Maybe Goro was just getting a kick out of using the Tagame system, but when Kogito pressed the
PLAY
button again he noticed that Goro seemed to be in remarkably high spirits as he picked up where he’d left off. Once again, he was so nakedly candid that Kogito was momentarily shocked.

“I think what I was doing in Mat’chama was trying to create a barrier to keep you from killing yourself,” Goro said. “Of course, I’m not sure to what extent I was consciously aware of that, at the time. But when I think back now, that’s the only thing it could have been. That strikes me as very strange, because it’s not as if I was some teenage saint, hanging out with everyone I met in Mat’chama from purely altruistic motives. Although you couldn’t say that I was a totally selfish, self-serving scoundrel, either, by any means! But in your case, especially—from the time you were seventeen or eighteen, there were some things about you that I simply couldn’t grasp. You were really a hard nut to crack, even more than you yourself realized. Maybe it was in spite of your isolated deep-mountain upbringing, or maybe it was precisely
because
of that, but you were definitely a horse of a different color.

“Still, it wasn’t until we were both in our thirties that I started consciously thinking about you as a potential suicide,
and even then, that was only because someone shoved the idea under my nose. That was when you and I were both busy all year round—I had started my own career and you were always reading or writing books—and we only got to hang out once in a blue moon. As you know, there are some bars around Tokyo where certain people in the movie business congregate. (Or, I should say, people who have made a career on the production end of moviemaking.) Anyway, when I used to go to one of those bars I would sometimes run into your friend Takamura, who was there because, as you know, he often composed film scores. This was before he got sick, of course. He would spot me from the entrance and swoop down on my table like a great black bird. And the first thing he always did, after sitting down next to me, was to ask about you.

“‘Have you seen Kogito lately? Is he all right?’ and so on, without even bothering to lower his voice. And it wasn’t the usual sort of small talk about how your work was going or how Akari was getting along. No, he always came right out and said it, without beating around the bush: ‘I’m worried that Kogito might commit suicide one of these days.’ That’s exactly what he said. And he asked me the same questions every time I saw him, so there’s no way it could have been a onetime misunderstanding. And after that I finally understood why I, too, had felt a vague compulsion to watch out for you, back when you were seventeen or eighteen—it was because I was afraid you might kill yourself. That explains everything!

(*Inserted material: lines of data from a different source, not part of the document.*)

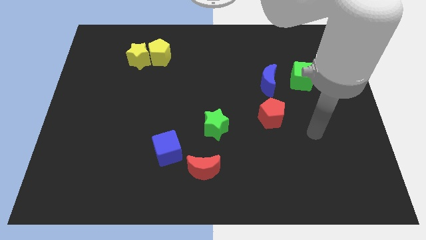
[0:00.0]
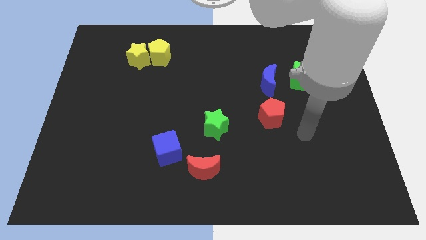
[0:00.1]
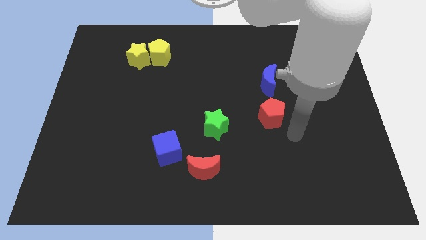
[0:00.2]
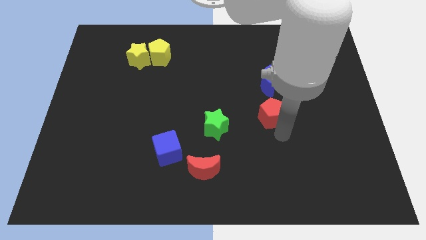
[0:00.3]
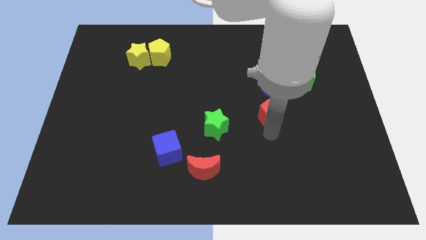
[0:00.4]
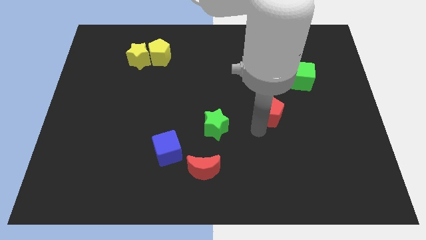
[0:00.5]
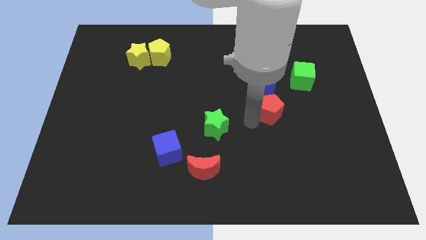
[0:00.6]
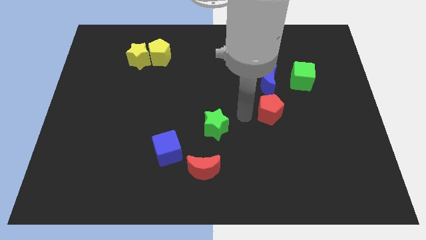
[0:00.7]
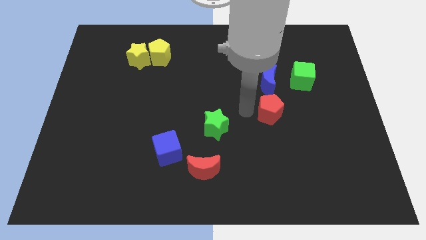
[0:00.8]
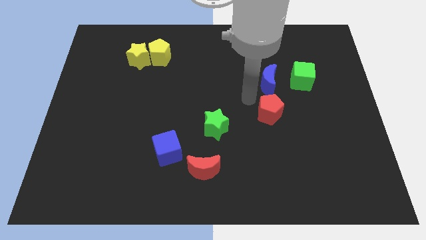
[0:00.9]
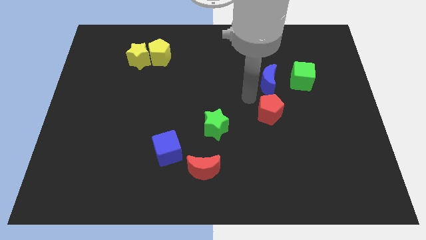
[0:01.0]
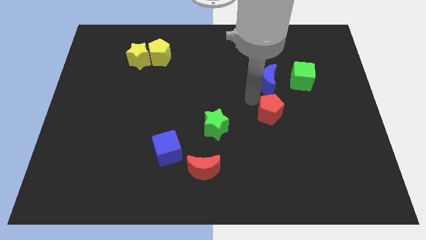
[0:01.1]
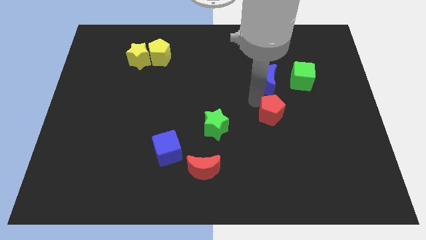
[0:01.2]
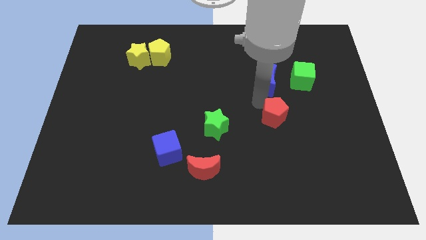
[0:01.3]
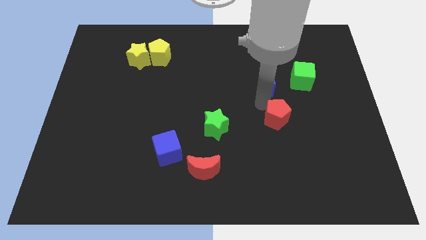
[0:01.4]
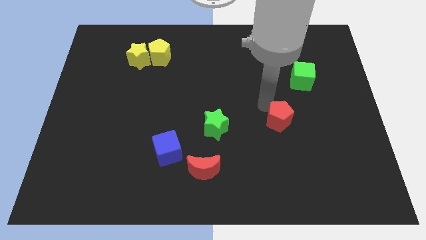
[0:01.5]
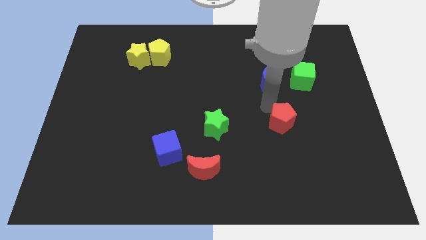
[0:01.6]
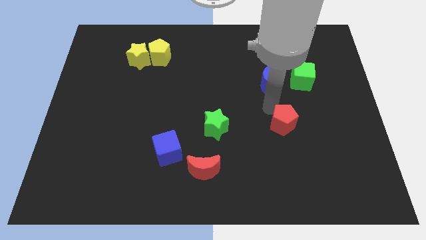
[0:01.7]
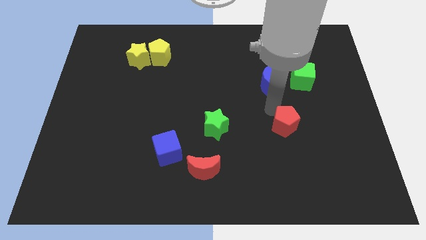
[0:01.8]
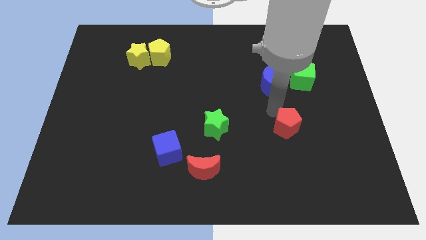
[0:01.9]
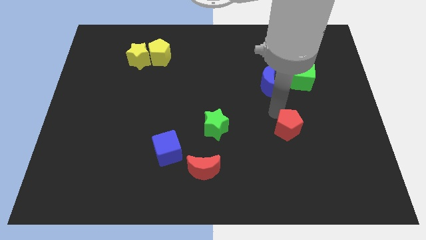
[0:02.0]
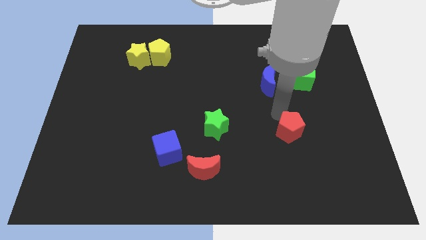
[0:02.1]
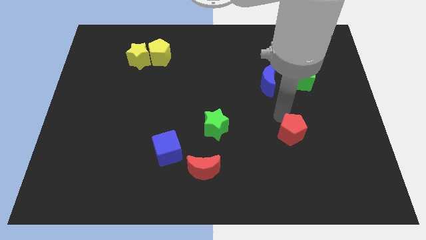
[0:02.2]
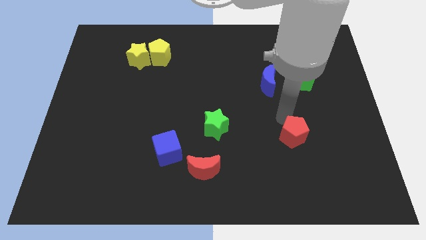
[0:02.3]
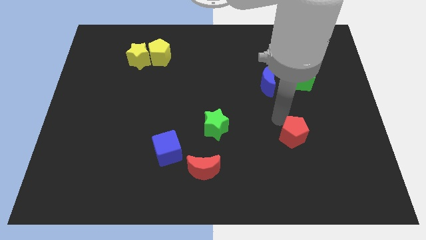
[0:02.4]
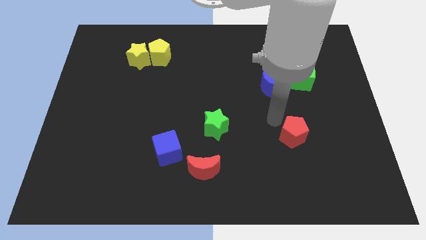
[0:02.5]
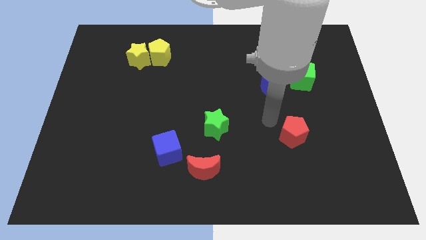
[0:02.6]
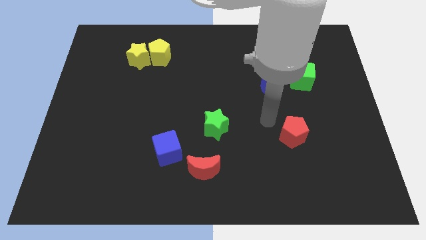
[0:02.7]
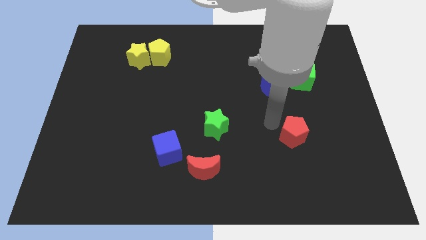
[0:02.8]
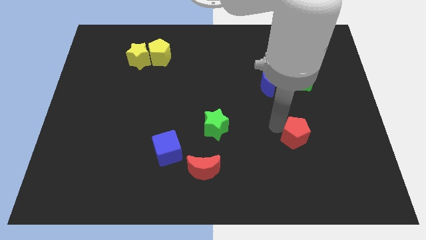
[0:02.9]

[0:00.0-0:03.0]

“Okay, I know what you’re thinking: it’s very possible that Takamura would have thought such a thing, but what about Professor Musumi? You probably find it hard to imagine how that distinguished professor could have given me the same idea,
right? Of course, there’s no reason for someone like me to see a great scholar like that on a regular basis. I did meet him briefly when you and Chikashi had your small wedding, but I hadn’t seen him at all since then until we happened to have dinner together in Paris. His wife was there that night, as well.”

Kogito pressed the
STOP
button, took his book of Professor Musumi’s
Complete Works
off the shelf, and checked the chronological tables in the back. (Later, he had taken that same volume to Berlin with him, with the intention of donating it to the school of comparative literature before he returned to Tokyo.) Then he turned back to Tagame and replied in great excitement: “That must have been at the time of Professor Musumi’s last stay in France! It was the year there was a trash collectors’ strike in Paris. I still have a souvenir that he brought back for me; it’s a miniature-type painting that shows the entire city of Paris, and here and there you can see smoke rising from the piles of burning trash in the streets. It’s sitting on the desk in front of me, here in Seijo.”